Понятно, что после идеологической вакханалии последних лет, после всего этого бессовестного растления душ осознать новые — да нет же, старые, вечные! — нравственные ориентиры нынешним поколениям будет непросто. Проповедью (хоть в церковном, хоть в светском варианте) эту проблему не решить. Необходима хорошо организованная, целенаправленная и, к слову, достаточно хорошо профинансированная работа. Основные направления ее, по мнению Н.И. Тимофеева, достаточно очевидны.
Это, во-первых, самая широкая программа просвещения. Только человек интеллектуально и эмоционально развитой обладает чувством человеческого достоинства, способен по-человечески относиться к другому человеку и ценить преимущества подлинно человеческого образа жизни (несовместимого с безудержным потребительством). Н.И. Тимофеев напоминает о давнем своем девизе: “Через образование, науку и культуру — к Великой России”, руководствуясь которым он в последние годы осуществляет целый ряд масштабных образовательных и культурно-просветительских программ.
Это, во-вторых, социально ориентированная, понятная и поддерживаемая большинство народа экономическая политика. Теория свободного рынка категорически исключает такое понятие, как социальная справедливость, вообще отвергает самую возможность применения нравственных категорий к экономическим отношениям. Между тем никакое человеческое сообщество не может быть прочным, если в нем нарушен принцип справедливости. Тогда наращивайте “силовые структуры”, принимайте “беспрецедентные меры охраны” — только насилием можно будет удерживать клокочущий пар в социальном котле. Принципом социальной справедливости пугают обывателя, по недомыслию, а нередко и злонамеренно толкуя его как уравниловку, но это совершенно разные вещи!

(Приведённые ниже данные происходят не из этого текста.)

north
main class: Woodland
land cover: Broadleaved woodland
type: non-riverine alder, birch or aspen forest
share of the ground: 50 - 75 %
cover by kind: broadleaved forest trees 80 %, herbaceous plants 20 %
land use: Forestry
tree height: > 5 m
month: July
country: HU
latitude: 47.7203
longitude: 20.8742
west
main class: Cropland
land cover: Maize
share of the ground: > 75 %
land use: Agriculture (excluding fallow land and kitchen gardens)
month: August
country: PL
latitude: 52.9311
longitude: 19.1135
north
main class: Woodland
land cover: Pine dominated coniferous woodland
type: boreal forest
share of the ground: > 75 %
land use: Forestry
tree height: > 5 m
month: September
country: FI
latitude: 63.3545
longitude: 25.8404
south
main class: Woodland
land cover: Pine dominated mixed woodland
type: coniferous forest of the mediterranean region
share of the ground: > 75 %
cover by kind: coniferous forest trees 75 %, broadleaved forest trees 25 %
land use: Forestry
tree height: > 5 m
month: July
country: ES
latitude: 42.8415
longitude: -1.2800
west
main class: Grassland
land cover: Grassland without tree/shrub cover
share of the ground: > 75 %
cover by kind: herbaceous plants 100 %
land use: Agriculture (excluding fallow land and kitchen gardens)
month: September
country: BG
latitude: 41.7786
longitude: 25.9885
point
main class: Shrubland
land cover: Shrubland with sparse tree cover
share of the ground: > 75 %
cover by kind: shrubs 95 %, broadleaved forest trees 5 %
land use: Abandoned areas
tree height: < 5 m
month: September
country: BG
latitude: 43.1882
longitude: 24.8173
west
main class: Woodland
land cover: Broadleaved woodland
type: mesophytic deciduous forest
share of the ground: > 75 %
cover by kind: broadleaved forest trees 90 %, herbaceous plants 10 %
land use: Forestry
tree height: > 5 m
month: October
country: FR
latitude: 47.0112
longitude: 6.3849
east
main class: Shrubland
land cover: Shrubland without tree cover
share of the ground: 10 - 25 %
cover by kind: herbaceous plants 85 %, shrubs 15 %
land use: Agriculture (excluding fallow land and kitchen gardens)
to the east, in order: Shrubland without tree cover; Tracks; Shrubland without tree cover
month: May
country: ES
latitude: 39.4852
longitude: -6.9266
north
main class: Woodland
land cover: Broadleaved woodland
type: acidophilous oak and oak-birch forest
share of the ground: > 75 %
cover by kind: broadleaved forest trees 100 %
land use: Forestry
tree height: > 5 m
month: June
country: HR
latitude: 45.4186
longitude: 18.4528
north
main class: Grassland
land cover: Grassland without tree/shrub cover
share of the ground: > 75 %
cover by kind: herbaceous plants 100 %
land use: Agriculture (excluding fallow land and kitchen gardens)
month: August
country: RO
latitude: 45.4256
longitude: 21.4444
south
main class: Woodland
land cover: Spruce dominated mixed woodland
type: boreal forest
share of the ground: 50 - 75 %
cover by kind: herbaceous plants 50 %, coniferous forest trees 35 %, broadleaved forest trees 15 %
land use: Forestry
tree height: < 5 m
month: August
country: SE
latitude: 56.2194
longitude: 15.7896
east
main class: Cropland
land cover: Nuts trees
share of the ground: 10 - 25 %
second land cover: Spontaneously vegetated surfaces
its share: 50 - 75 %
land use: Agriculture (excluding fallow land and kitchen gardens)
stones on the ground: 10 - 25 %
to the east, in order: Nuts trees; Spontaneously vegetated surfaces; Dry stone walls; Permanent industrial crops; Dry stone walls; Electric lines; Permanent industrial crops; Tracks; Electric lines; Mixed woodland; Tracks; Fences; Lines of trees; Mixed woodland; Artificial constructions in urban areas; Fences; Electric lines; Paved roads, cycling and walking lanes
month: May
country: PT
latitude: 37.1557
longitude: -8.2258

Это, в-третьих, работа (в любой сфере деятельности) с постоянной мыслью о России. Россия для Н.И. Тимофеева в этом контексте — не политический лозунг и даже не объект ностальгических переживаний, а, упростим для наглядности, — рабочая площадка. “Не храм, а мастерская”. Ни одна страна в мире пока что не отказалась от своих национальных границ (даже если она вступила, например, в Европейский Союз). И это значит, что она живет по-своему, а иначе жить не хочет и не может. И либеральная сказочка об отсутствии “третьего пути” — всего лишь обман в интересах транснациональных компаний. Существует и пятый, и десятый путь — надо только знать и любить свой народ.
Вот и Россия всегда жила и живет по-своему. Пренебрежение ее самобытностью гибельно для страны, гибельно для нас, ее граждан. Надо ли это кому-то доказывать после десятилетия провальных реформ? И возрождение нашей экономики, считает Н.И. Тимофеев, возможно лишь через возрождение России. Так что слова известной песни: “Если будет Россия — значит, буду и я”, — приобретают в наше время конкретно-экономический смысл.
Словом, развитие сознания и самосознания — предсказанный еще В.И. Вернадским путь превращения биосферы в ноосферу, и это единственный путь, следуя которым, человек сумеет выйти из опасного тупика индустриально-потребительской цивилизации.